Now is a critical moment in the evolution of the European social economy. Will it be able to take its rightful place at the front and center of European development? Will it be embraced, celebrated, and cultivated by the EU as part of the path forward for the continent to transition to a more socially just and environmentally sustainable society? One factor in whether that happens is the extent to which the social economy comes forward in a more powerful and unified voice about the importance of impact evidence.

Until now, social economy organizations have failed to adequately communicate why impact measurement is important. They have had a narrow focus on impact measurement as a fundraising and compliance tool rather than as a transformative learning opportunity. One of the ways to catalyze a change is to implement the ideas at the EU-level that we outlined earlier. But for change to happen it also needs to be driven from within the social sector by champions and trailblazers.
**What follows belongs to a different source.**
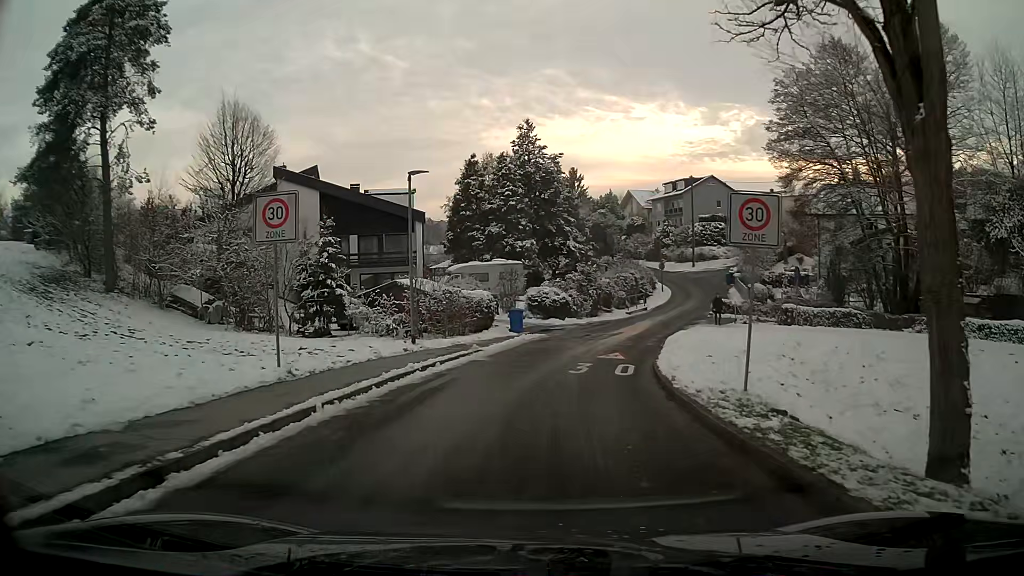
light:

In our work with foundations, nonprofit organizations, and social enterprises we have seen that many people are taking this challenge seriously. But in their watercooler moments social sector leaders share their doubts with one another about whether that transformation can actually happen, and wonder if social impact measurement will instead remain a painful imposition made by funders which doesn’t help their organizations feed more mouths, house more people, or develop more sustainable solutions.

It’s time for the social sector to have a grown-up discussion and dialogue about this dilemma. We need to lead with real examples of how impact data and measurement can be transformative. The easy part is developing a new standard or framework. The hard part is getting the buy-in of the sector from the bottom-up and including all voices, especially those with the greatest needs who often are the least represented.